◆ **What to work on**
Repeat only the lines from the one containing "IGES file: header" to the final line below, exactly as they read, and leave every picture out.

(Items listed in a dataset)
·····

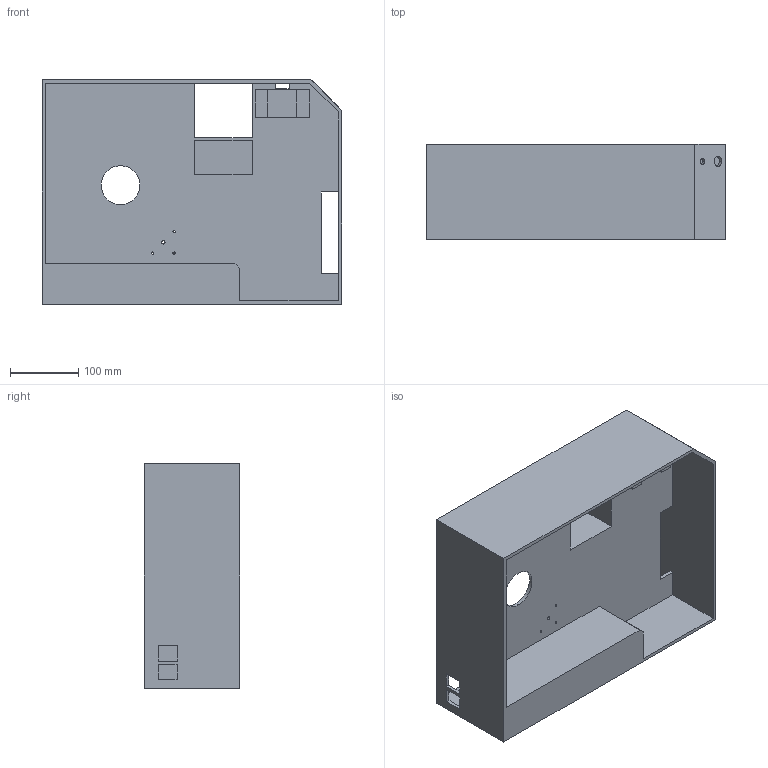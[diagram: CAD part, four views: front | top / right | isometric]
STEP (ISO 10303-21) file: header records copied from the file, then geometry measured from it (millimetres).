
FILE_DESCRIPTION(/* description */ ('STEP AP242','CAx-IF Rec.Pracs.---Representation and Presentation of Product Manufacturing Information (PMI)---4.0---2014-10-13','CAx-IF Rec.Pracs.---3D Tessellated Geometry---0.4---2014-09-14','2;1'),/* implementation_level */ '2;1');
FILE_NAME(/* name */ '68f55cc284d154347a2f5280',/* time_stamp */ '2025-10-19T21:48:51Z',/* author */ (''),/* organization */ (''),/* preprocessor_version */ 'ST-DEVELOPER v20',/* originating_system */ 'ONSHAPE BY PTC INC, 1.205',/* authorisation */ ' ');
FILE_SCHEMA (('AP242_MANAGED_MODEL_BASED_3D_ENGINEERING_MIM_LF { 1 0 10303 442 1 1 4 }'));
Length unit declared in the file: metre
Products named in the file (1): Part 1
Bounding box: 440 x 140 x 330 mm (x, y, z)
Volume: 1972720.6 mm3; surface area: 793166.6 mm2
Topology: 1 solids, 1 shells, 79 faces, 234 edges, 156 vertices
Faces by surface type: bspline 79
Entity records: 2700 total; most frequent: CARTESIAN_POINT 777, ORIENTED_EDGE 468, DIRECTION 250, EDGE_CURVE 234, LINE 192, VECTOR 192, VERTEX_POINT 156, EDGE_LOOP 102
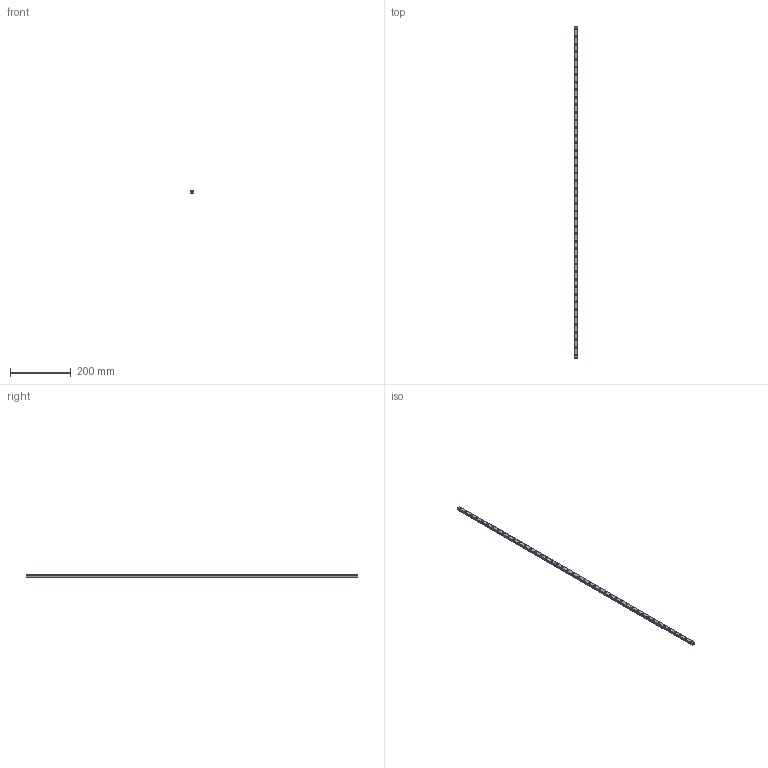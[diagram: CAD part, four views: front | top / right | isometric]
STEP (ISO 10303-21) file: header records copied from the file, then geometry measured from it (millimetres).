
FILE_DESCRIPTION(('STEP AP214'),'1');
FILE_NAME('cctmp_838422AA-6387-44F4-8982-4DF34822D1CA_2021_02_19_10_01_45_0444..stp','2021-02-19T09:01:45',('HIWIN GmbH'),('CADClick - www.CADClick.com'),'Spatial InterOp 3D',' ','unknown authorization');
FILE_SCHEMA(('AUTOMOTIVE_DESIGN'));
Length unit declared in the file: millimetre
Products named in the file (1): MGNR12R1095CM_FILE
Bounding box: 12 x 1095 x 8 mm (x, y, z)
Volume: 93753.8 mm3; surface area: 54542.2 mm2
Topology: 1 solids, 1 shells, 491 faces, 1059 edges, 706 vertices
Faces by surface type: cylinder 280, plane 211
Entity records: 17545 total; most frequent: DIRECTION 2603, CARTESIAN_POINT 2257, ORIENTED_EDGE 2118, EDGE_CURVE 1059, AXIS2_PLACEMENT_3D 1052, VERTEX_POINT 706, EDGE_LOOP 627, CIRCLE 560
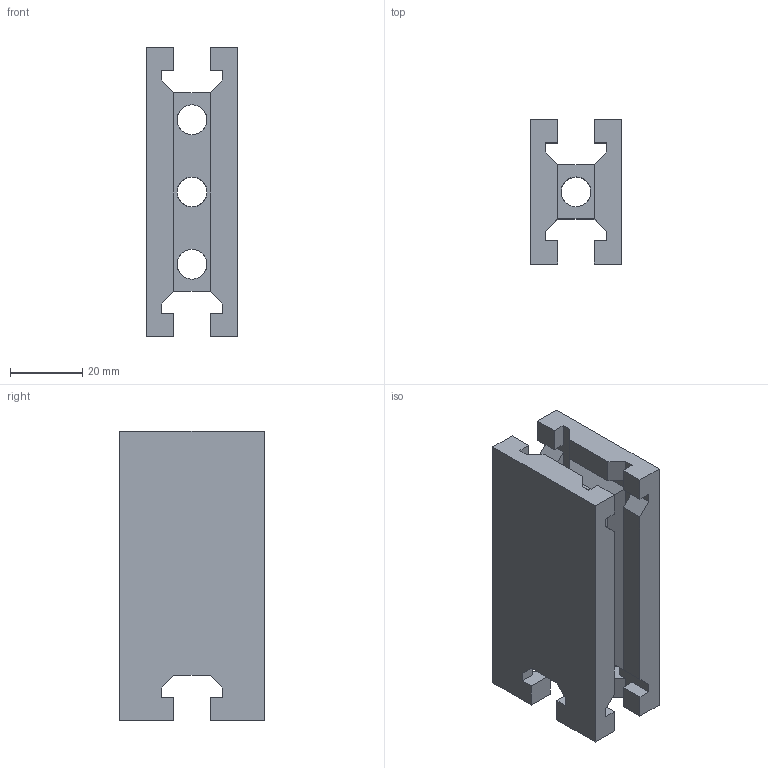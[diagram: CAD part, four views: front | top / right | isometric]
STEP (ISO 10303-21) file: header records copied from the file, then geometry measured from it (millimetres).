
FILE_DESCRIPTION(('STEP AP214'),'1');
FILE_NAME(' ',' ',('TraceParts'),('TraceParts S.A.'),'XStep 1.0',' ',' ');
FILE_SCHEMA(('automotive_design'));
Length unit declared in the file: millimetre
Products named in the file (1): 1
Bounding box: 25 x 40 x 80 mm (x, y, z)
Volume: 43577.7 mm3; surface area: 18975.4 mm2
Topology: 1 solids, 1 shells, 120 faces, 342 edges, 218 vertices
Faces by surface type: plane 100, cylinder 20
Entity records: 7606 total; most frequent: CARTESIAN_POINT 753, ORIENTED_EDGE 684, STYLED_ITEM 680, PRESENTATION_STYLE_ASSIGNMENT 680, COLOUR_RGB 680, DIRECTION 576, EDGE_CURVE 342, CURVE_STYLE 342
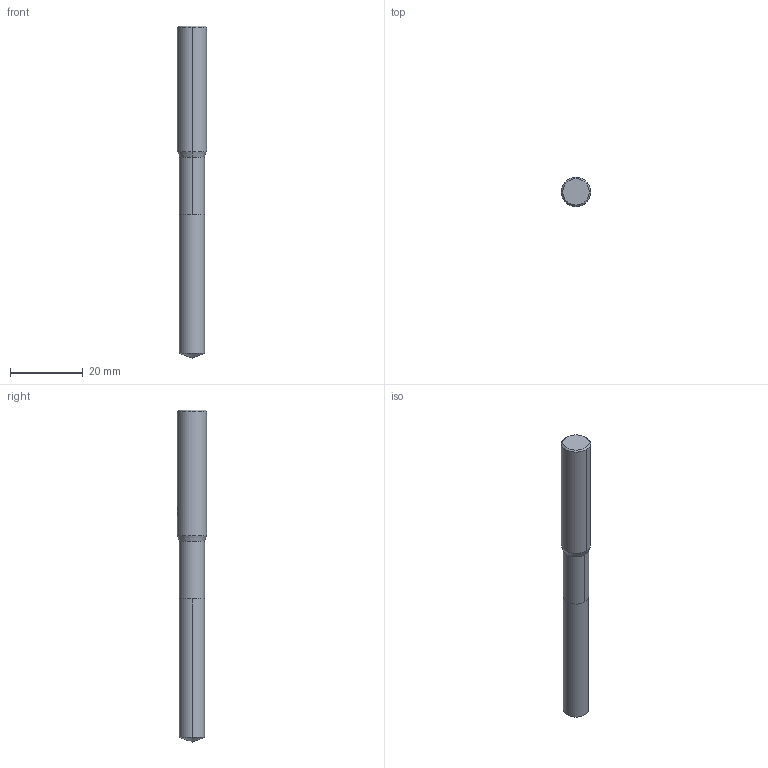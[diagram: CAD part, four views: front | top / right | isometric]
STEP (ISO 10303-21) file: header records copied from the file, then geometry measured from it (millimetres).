
FILE_DESCRIPTION(('no description'),'unknown implementation level');
FILE_NAME('solidlN8WD9_QboFGbMCNnkZ2gVwybeI_1.STP',' ',('CIMSOURCE GmbH'),('CADClick - KiM GmbH - www.kimweb.de'),'unknown preprocess','ACIS','unknown authorization');
FILE_SCHEMA(('automotive_design'));
Length unit declared in the file: millimetre
Products named in the file (2): NOCUT; CUT
Bounding box: 8 x 8 x 91 mm (x, y, z)
Volume: 3821.9 mm3; surface area: 2229.3 mm2
Topology: 2 solids, 2 shells, 28 faces, 67 edges, 41 vertices
Faces by surface type: cylinder 14, plane 8, cone 6
Entity records: 1811 total; most frequent: CARTESIAN_POINT 368, DIRECTION 139, STYLED_ITEM 136, PRESENTATION_STYLE_ASSIGNMENT 136, COLOUR_RGB 136, ORIENTED_EDGE 130, EDGE_CURVE 65, CURVE_STYLE 65
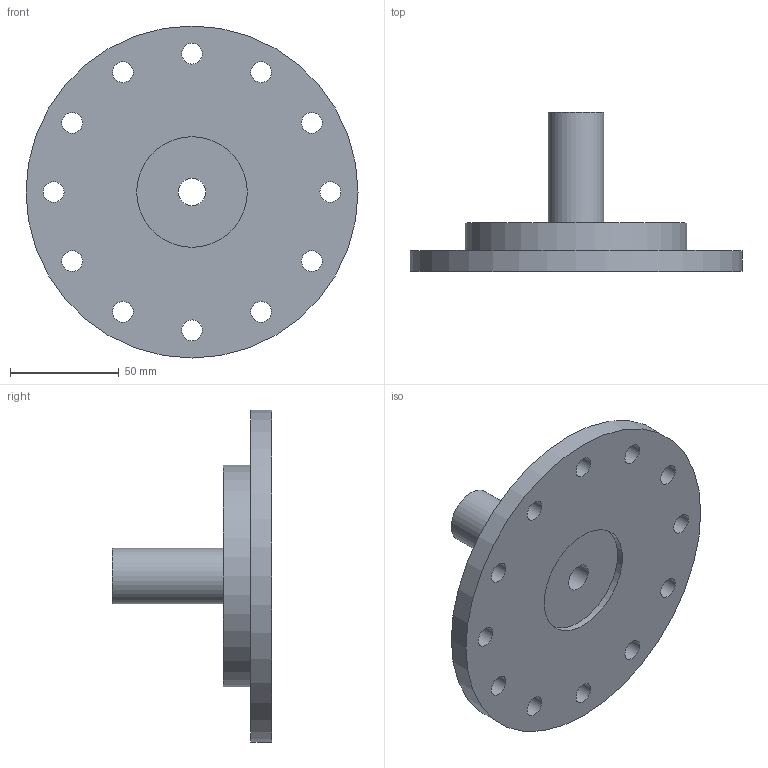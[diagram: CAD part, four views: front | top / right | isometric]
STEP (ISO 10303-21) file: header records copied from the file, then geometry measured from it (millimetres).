
FILE_DESCRIPTION(/* description */ (''),/* implementation_level */ '2;1');
FILE_NAME(/* name */ 'Flange.stp',/* time_stamp */ '2017-10-18T10:21:38-07:00',/* author */ (''),/* organization */ (''),/* preprocessor_version */ 'ST-DEVELOPER v16',/* originating_system */ 'SIEMENS PLM Software NX 10.0',/* authorisation */ '');
FILE_SCHEMA (('AUTOMOTIVE_DESIGN { 1 0 10303 214 3 1 1 1 }'));
Length unit declared in the file: inch
Products named in the file (1): Flange
Bounding box: 152.4 x 73.03 x 152.4 mm (x, y, z)
Volume: 277930.3 mm3; surface area: 54708.1 mm2
Topology: 1 solids, 1 shells, 34 faces, 251 edges, 302 vertices
Faces by surface type: cylinder 21, cone 8, plane 5
Full cylindrical faces by diameter (mm): 5.105 x4, 9.525 x12, 12.7 x1, 25.4 x1, 50.8 x1, 101.6 x1, 152.4 x1
Entity records: 2353 total; most frequent: DIRECTION 403, CARTESIAN_POINT 294, STYLED_ITEM 164, PRESENTATION_STYLE_ASSIGNMENT 164, AXIS2_PLACEMENT_3D 164, CURVE_STYLE 158, DRAUGHTING_PRE_DEFINED_CURVE_FONT 158, CIRCLE 128
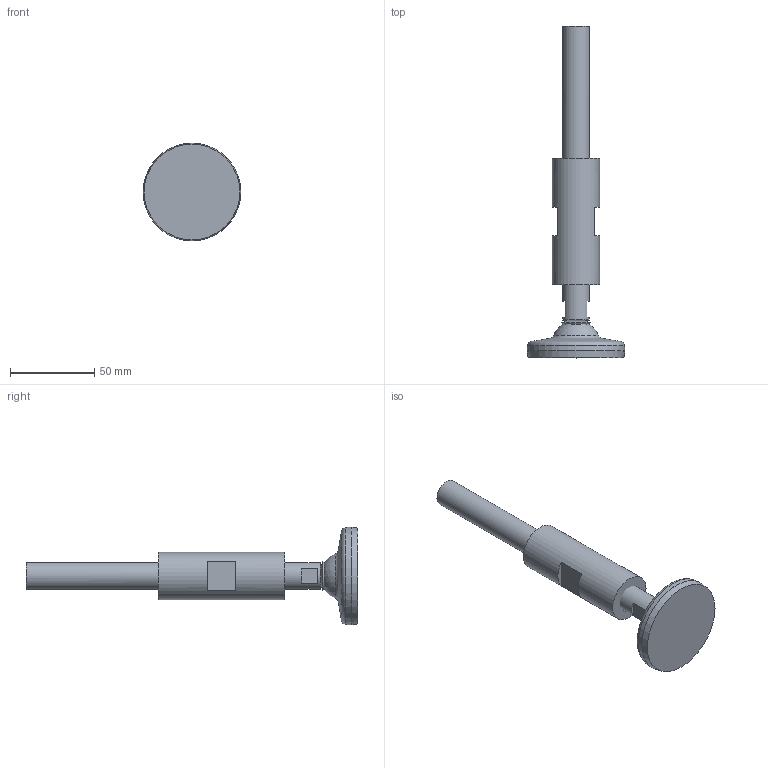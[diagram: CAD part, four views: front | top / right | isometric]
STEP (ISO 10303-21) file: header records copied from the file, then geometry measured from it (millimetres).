
FILE_DESCRIPTION (( 'STEP AP203' ), '1' );
FILE_NAME ('EHSFx8 - HSF58LC-M16-L175-W.STEP', '2024-09-09T10:17:23', ( '' ), ( '' ), 'SwSTEP 2.0', 'SolidWorks 2024', '' );
FILE_SCHEMA (( 'CONFIG_CONTROL_DESIGN' ));
Length unit declared in the file: millimetre
Products named in the file (1): EHSFx8 - HSF58LC-M16-L175-W
Bounding box: 58 x 197 x 58 mm (x, y, z)
Volume: 111785.9 mm3; surface area: 24485.6 mm2
Topology: 3 solids, 3 shells, 31 faces, 52 edges, 33 vertices
Faces by surface type: plane 18, cone 5, torus 3, cylinder 3, sphere 2
Full cylindrical faces by diameter (mm): 16 x1, 28 x1, 57.98 x1
Entity records: 753 total; most frequent: DIRECTION 130, CARTESIAN_POINT 106, ORIENTED_EDGE 82, AXIS2_PLACEMENT_3D 57, EDGE_LOOP 50, EDGE_CURVE 41, FACE_OUTER_BOUND 39, VERTEX_POINT 33
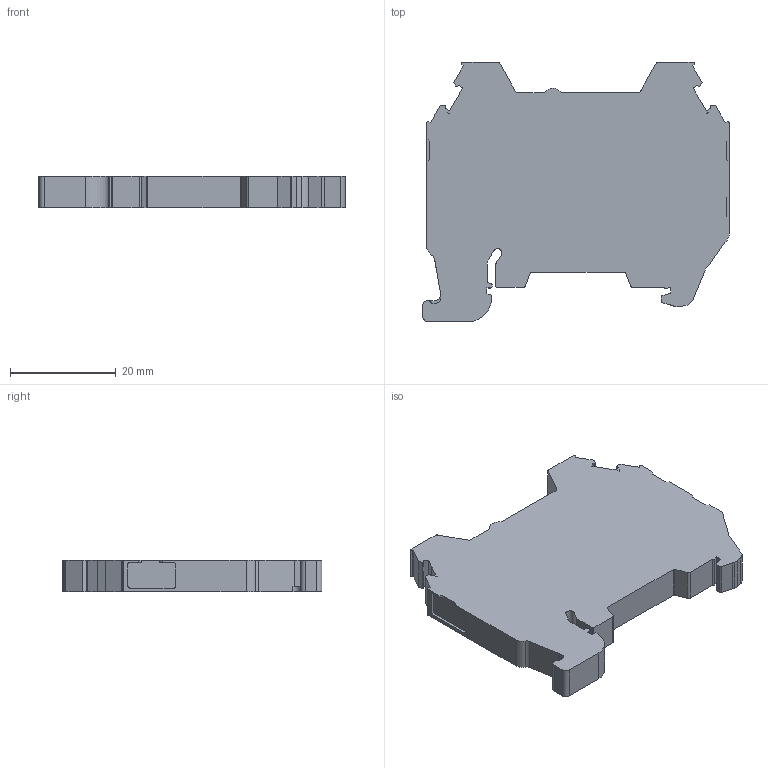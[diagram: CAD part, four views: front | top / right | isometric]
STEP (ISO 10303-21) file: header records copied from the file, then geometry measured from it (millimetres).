
FILE_DESCRIPTION (( 'STEP AP214' ), '1' );
FILE_NAME ('324949_AVK 2,5 EA_Grey.STP', '2013-11-12T10:48:05', ( 'arge' ), ( 'Microsoft' ), 'SwSTEP 2.0', 'SolidWorks 2013', '' );
FILE_SCHEMA (( 'AUTOMOTIVE_DESIGN' ));
Length unit declared in the file: millimetre
Products named in the file (1): 324949_AVK 2,5 EA_Grey
Bounding box: 57.83 x 49.05 x 6 mm (x, y, z)
Volume: 12770.4 mm3; surface area: 5852.9 mm2
Topology: 1 solids, 1 shells, 187 faces, 541 edges, 360 vertices
Faces by surface type: plane 109, cylinder 74, cone 4
Entity records: 6228 total; most frequent: CARTESIAN_POINT 1149, ORIENTED_EDGE 1082, DIRECTION 1050, EDGE_CURVE 541, LINE 376, VECTOR 376, VERTEX_POINT 360, AXIS2_PLACEMENT_3D 337
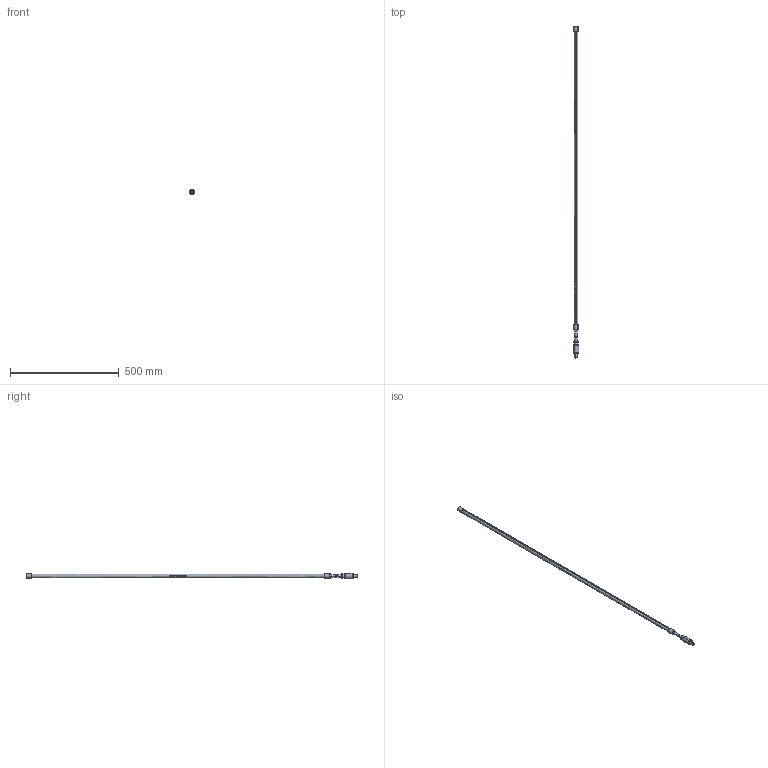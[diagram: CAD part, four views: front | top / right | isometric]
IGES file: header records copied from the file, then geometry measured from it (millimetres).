
Start section: START RECORD GO HERE.
Global section: file name: 55 In.igs; native system: DASSAULT SYSTEMES CATIA V5 R20 - www.3ds.com; preprocessor: CATIA Version 5 Release 20 ; author: DESIGNENG; organization: DESIGNENG; date: 20160209.143128; units: millimetre
Bounding box: 24.99 x 1527.2 x 24.99 mm (x, y, z)
Volume: 371469.4 mm3; surface area: 94839.8 mm2
Topology: 2 solids, 2 shells, 568 faces, 1372 edges, 926 vertices
Faces by surface type: plane 282, revolution 229, extrusion 57
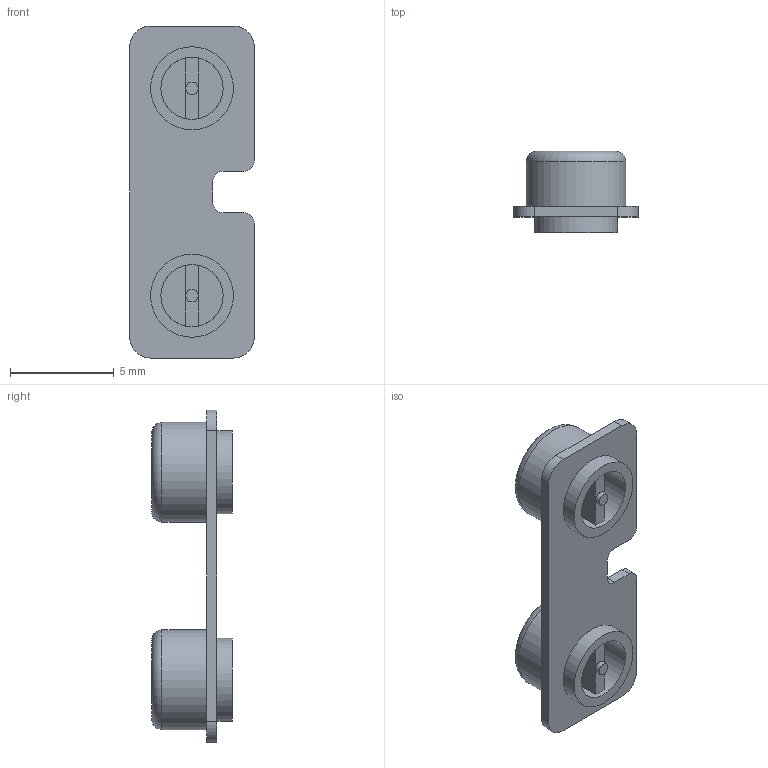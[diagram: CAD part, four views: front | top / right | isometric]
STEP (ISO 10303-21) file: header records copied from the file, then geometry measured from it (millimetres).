
FILE_DESCRIPTION(/* description */ (''),/* implementation_level */ '2;1');
FILE_NAME(/* name */ 'system-buttons.stp',/* time_stamp */ '2019-09-24T10:58:02+01:00',/* author */ ('jon'),/* organization */ (''),/* preprocessor_version */ 'ST-DEVELOPER v17',/* originating_system */ 'Autodesk Inventor 2019',/* authorisation */ '');
FILE_SCHEMA (('AUTOMOTIVE_DESIGN { 1 0 10303 214 3 1 1 }'));
Length unit declared in the file: millimetre
Products named in the file (1): system-buttons
Bounding box: 6 x 3.9 x 16 mm (x, y, z)
Volume: 128 mm3; surface area: 378.1 mm2
Topology: 1 solids, 1 shells, 88 faces, 224 edges, 148 vertices
Faces by surface type: plane 51, cylinder 35, torus 2
Full cylindrical faces by diameter (mm): 0.6 x2, 3 x2, 4 x2, 4.8 x2
Entity records: 2723 total; most frequent: DIRECTION 490, CARTESIAN_POINT 461, ORIENTED_EDGE 448, EDGE_CURVE 224, AXIS2_PLACEMENT_3D 177, VERTEX_POINT 148, LINE 136, VECTOR 136

·····

◆ **Task response**
IGES file: header records copied from the file, then geometry measured from it (millimetres).
Start section: START RECORD GO HERE.
Global section: file name: 55 In.igs; native system: DASSAULT SYSTEMES CATIA V5 R20 - www.3ds.com; preprocessor: CATIA Version 5 Release 20 ; author: DESIGNENG; organization: DESIGNENG; date: 20160209.143128; units: millimetre
Bounding box: 24.99 x 1527.2 x 24.99 mm (x, y, z)
Volume: 371469.4 mm3; surface area: 94839.8 mm2
Topology: 2 solids, 2 shells, 568 faces, 1372 edges, 926 vertices
Faces by surface type: plane 282, revolution 229, extrusion 57
[diagram: CAD part, four views: front | top / right | isometric]
STEP (ISO 10303-21) file: header records copied from the file, then geometry measured from it (millimetres).
FILE_DESCRIPTION(/* description */ (''),/* implementation_level */ '2;1');
FILE_NAME(/* name */ 'system-buttons.stp',/* time_stamp */ '2019-09-24T10:58:02+01:00',/* author */ ('jon'),/* organization */ (''),/* preprocessor_version */ 'ST-DEVELOPER v17',/* originating_system */ 'Autodesk Inventor 2019',/* authorisation */ '');
FILE_SCHEMA (('AUTOMOTIVE_DESIGN { 1 0 10303 214 3 1 1 }'));
Length unit declared in the file: millimetre
Products named in the file (1): system-buttons
Bounding box: 6 x 3.9 x 16 mm (x, y, z)
Volume: 128 mm3; surface area: 378.1 mm2
Topology: 1 solids, 1 shells, 88 faces, 224 edges, 148 vertices
Faces by surface type: plane 51, cylinder 35, torus 2
Full cylindrical faces by diameter (mm): 0.6 x2, 3 x2, 4 x2, 4.8 x2
Entity records: 2723 total; most frequent: DIRECTION 490, CARTESIAN_POINT 461, ORIENTED_EDGE 448, EDGE_CURVE 224, AXIS2_PLACEMENT_3D 177, VERTEX_POINT 148, LINE 136, VECTOR 136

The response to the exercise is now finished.